Would you return each entry exactly as written, omitting any pictures?
☆ ☆ ☆ ☆ ☆
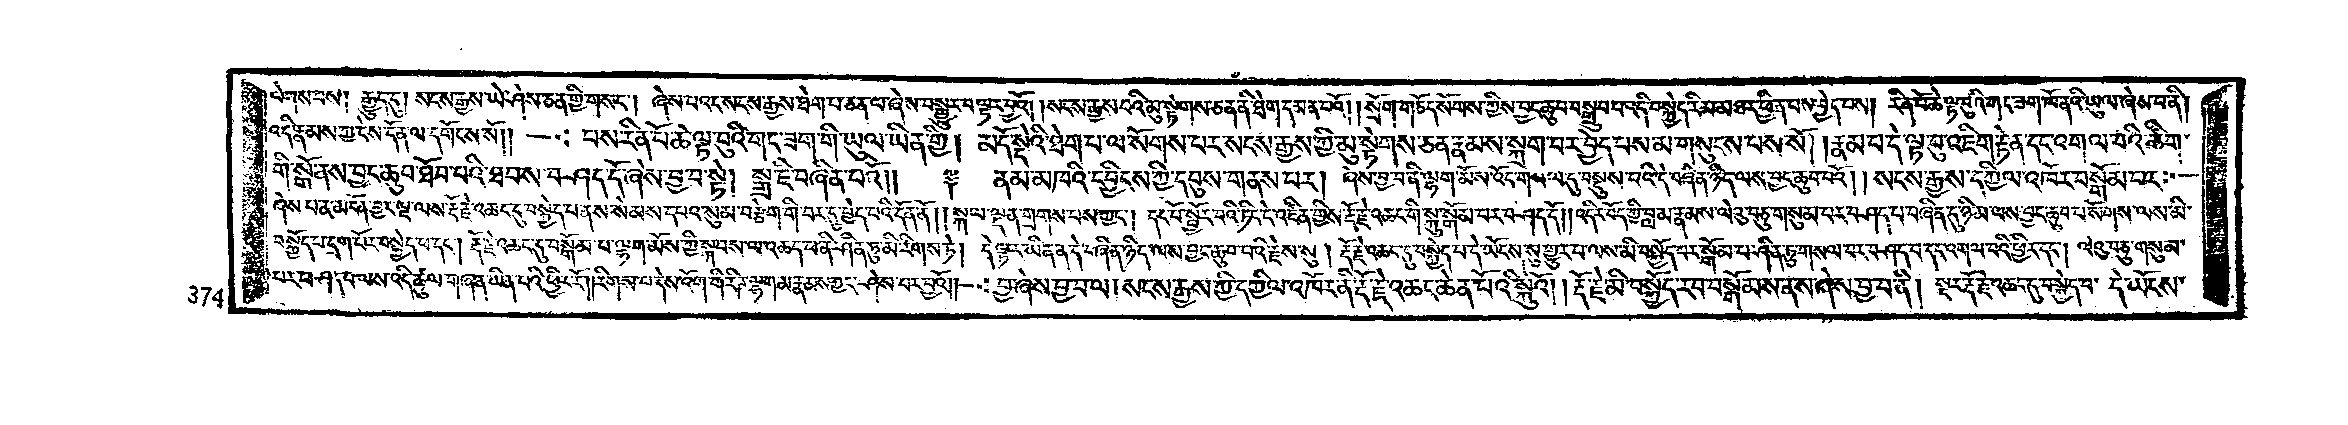ལེགས་པས། རྒྱུད་དུ། སངས་རྒྱས་ཡེ་ཤེས་ཅན་གྱི་གསང་། ཞེས་པའང་སངས་རྒྱས་ཐེག་པ་ཅན་ལ་ཞེས་བསྒྱུར་བ་ལྟར་བྱའོ། །སངས་རྒྱས་པའི་མུ་སྟེགས་ཅན་ནི་ཐེག་དམན་པའོ། །སྲོག་གཅོད་སོགས་ཀྱིས་བྱང་ཆུབ་བསྒྲུབ་པ་འདི་བསྐྱེད་རིམ་མཐར་ཕྱིན་པས་བྱེད་པས། རིན་པོ་ཆེ་ལྟ་བུའི་གང་ཟག་ཁོ་ནའི་ཡུལ་ཞེས་པ་ནི།
འདི་རྣམས་ཀྱི་ངེས་དོན་ལ་དགོངས་སོ།། པས་རིན་པོ་ཆེ་ལྟ་བུའི་གང་ཟག་གི་ཡུལ་ཡིན་གྱི། མདོ་སྡེའི་ཐེག་པ་ལ་སོགས་པར་སངས་རྒྱས་ཀྱི་མུ་སྟེགས་ཅན་རྣམས་སྐྲག་པར་བྱེད་པས་མ་གསུངས་པས་སོ། །རྣམ་པ་དེ་ལྟ་བུ་འཇིག་རྟེན་དང་འགལ་བའི་ཚིག་
གི་སྒོ་ནས་བྱང་ཆུབ་ཐོབ་པའི་ཐབས་བཤད་དོ་ཞེས་བྱ་བ་སྟེ། སྒྲ་ཇི་བཞིན་པའོ།། ༈ ནམ་མཁའི་དབྱིངས་ཀྱི་དབུས་གནས་པར། ཞེས་བྱ་བ་ནི་ལྷག་མོས་འོད་གསལ་དུ་བསྡུས་པའི་དེ་བཞིན་ཉིད་ལས་བྱང་ཆུབ་པའོ།།  སངས་རྒྱས་དཀྱིལ་འཁོར་བསྒོམ་པར་
ཞེས་པ་ནི་མངོན་བྱང་ལྔ་ལས་རྡོ་རྗེ་འཆང་དུ་བསྐྱེད་པ་ནས་སེམས་དཔའ་སུམ་བརྩེག་གི་བར་དུ་བྱེད་པའི་དོན་ནོ། །སྐལ་ལྡན་གྲགས་པས་ཀྱང་། དང་པོ་སྦྱོར་བའི་ཏིང་ངེ་འཛིན་གྱིས་རྡོ་རྗེ་འཆང་གི་སྐུ་སྒོམ་པར་བཤད་དོ། །འདིར་བོད་ཀྱི་བླ་མ་རྣམས་ལེའུ་བཅུ་གསུམ་པར་བཤད་པ་བཞིན་དུ་ཉི་མ་ལས་བྱང་ཆུབ་པ་སོགས་ལས་མི་
བསྐྱོད་པ་དྲག་པོར་བསྐྱེད་པ་དང་། རྡོ་རྗེ་འཆང་དུ་བསྒོམ་པ་ལྷག་མོས་ཀྱི་སྐབས་ལ་འཆད་པ་ནི་ཤིན་ཏུ་མི་རིགས་ཏེ། དེ་ལྟར་ཡིན་ན་དེ་བཞིན་ཉིད་ལས་བྱང་ཆུབ་པའི་རྗེས་སུ། རྡོ་རྗེ་འཆང་དུ་བསྐྱེད་པ་དེ་ཡོངས་སུ་གྱུར་པ་ལས་མི་བསྐྱོད་པར་སྒོམ་པ་ཤིན་ཏུ་གསལ་བར་བཤད་པ་དང་འགལ་བའི་ཕྱིར་དང་། ལེའུ་བཅུ་གསུམ་
པར་བཤད་པ་ལས་འོད་ཚུལ་གཞན་ཡིན་པའི་ཕྱིར་རོ། །རིགས་པ་དེས་འོག་གི་རིགས་ལྷག་མ་རྣམས་ཀྱང་ཤེས་པར་བྱའོ།། བྱ་ཞེས་བྱ་བ་ལ། སངས་རྒྱས་ཀྱི་དཀྱིལ་འཁོར་ནི་རྡོ་རྗེ་འཆང་ཆེན་པོའི་སྐུའོ། །རྡོ་རྗེ་མི་བསྐྱོད་རབ་བསྒོམས་ནས་ཞེས་བྱ་བ་ནི། སྔར་རྡོ་རྗེ་འཆང་དུ་བསྐྱེད་པ་དེ་ཡོངས་
☆ ☆ ☆ ☆ ☆
Written response:
ལེགས་པས། རྒྱུད་དུ། སངས་རྒྱས་ཡེ་ཤེས་ཅན་གྱི་གསང་། ཞེས་པའང་སངས་རྒྱས་ཐེག་པ་ཅན་ལ་ཞེས་བསྒྱུར་བ་ལྟར་བྱའོ། །སངས་རྒྱས་པའི་མུ་སྟེགས་ཅན་ནི་ཐེག་དམན་པའོ། །སྲོག་གཅོད་སོགས་ཀྱིས་བྱང་ཆུབ་བསྒྲུབ་པ་འདི་བསྐྱེད་རིམ་མཐར་ཕྱིན་པས་བྱེད་པས། རིན་པོ་ཆེ་ལྟ་བུའི་གང་ཟག་ཁོ་ནའི་ཡུལ་ཞེས་པ་ནི།
འདི་རྣམས་ཀྱི་ངེས་དོན་ལ་དགོངས་སོ།། པས་རིན་པོ་ཆེ་ལྟ་བུའི་གང་ཟག་གི་ཡུལ་ཡིན་གྱི། མདོ་སྡེའི་ཐེག་པ་ལ་སོགས་པར་སངས་རྒྱས་ཀྱི་མུ་སྟེགས་ཅན་རྣམས་སྐྲག་པར་བྱེད་པས་མ་གསུངས་པས་སོ། །རྣམ་པ་དེ་ལྟ་བུ་འཇིག་རྟེན་དང་འགལ་བའི་ཚིག་
གི་སྒོ་ནས་བྱང་ཆུབ་ཐོབ་པའི་ཐབས་བཤད་དོ་ཞེས་བྱ་བ་སྟེ། སྒྲ་ཇི་བཞིན་པའོ།། ༈ ནམ་མཁའི་དབྱིངས་ཀྱི་དབུས་གནས་པར། ཞེས་བྱ་བ་ནི་ལྷག་མོས་འོད་གསལ་དུ་བསྡུས་པའི་དེ་བཞིན་ཉིད་ལས་བྱང་ཆུབ་པའོ།།  སངས་རྒྱས་དཀྱིལ་འཁོར་བསྒོམ་པར་
ཞེས་པ་ནི་མངོན་བྱང་ལྔ་ལས་རྡོ་རྗེ་འཆང་དུ་བསྐྱེད་པ་ནས་སེམས་དཔའ་སུམ་བརྩེག་གི་བར་དུ་བྱེད་པའི་དོན་ནོ། །སྐལ་ལྡན་གྲགས་པས་ཀྱང་། དང་པོ་སྦྱོར་བའི་ཏིང་ངེ་འཛིན་གྱིས་རྡོ་རྗེ་འཆང་གི་སྐུ་སྒོམ་པར་བཤད་དོ། །འདིར་བོད་ཀྱི་བླ་མ་རྣམས་ལེའུ་བཅུ་གསུམ་པར་བཤད་པ་བཞིན་དུ་ཉི་མ་ལས་བྱང་ཆུབ་པ་སོགས་ལས་མི་
བསྐྱོད་པ་དྲག་པོར་བསྐྱེད་པ་དང་། རྡོ་རྗེ་འཆང་དུ་བསྒོམ་པ་ལྷག་མོས་ཀྱི་སྐབས་ལ་འཆད་པ་ནི་ཤིན་ཏུ་མི་རིགས་ཏེ། དེ་ལྟར་ཡིན་ན་དེ་བཞིན་ཉིད་ལས་བྱང་ཆུབ་པའི་རྗེས་སུ། རྡོ་རྗེ་འཆང་དུ་བསྐྱེད་པ་དེ་ཡོངས་སུ་གྱུར་པ་ལས་མི་བསྐྱོད་པར་སྒོམ་པ་ཤིན་ཏུ་གསལ་བར་བཤད་པ་དང་འགལ་བའི་ཕྱིར་དང་། ལེའུ་བཅུ་གསུམ་
པར་བཤད་པ་ལས་འོད་ཚུལ་གཞན་ཡིན་པའི་ཕྱིར་རོ། །རིགས་པ་དེས་འོག་གི་རིགས་ལྷག་མ་རྣམས་ཀྱང་ཤེས་པར་བྱའོ།། བྱ་ཞེས་བྱ་བ་ལ། སངས་རྒྱས་ཀྱི་དཀྱིལ་འཁོར་ནི་རྡོ་རྗེ་འཆང་ཆེན་པོའི་སྐུའོ། །རྡོ་རྗེ་མི་བསྐྱོད་རབ་བསྒོམས་ནས་ཞེས་བྱ་བ་ནི། སྔར་རྡོ་རྗེ་འཆང་དུ་བསྐྱེད་པ་དེ་ཡོངས་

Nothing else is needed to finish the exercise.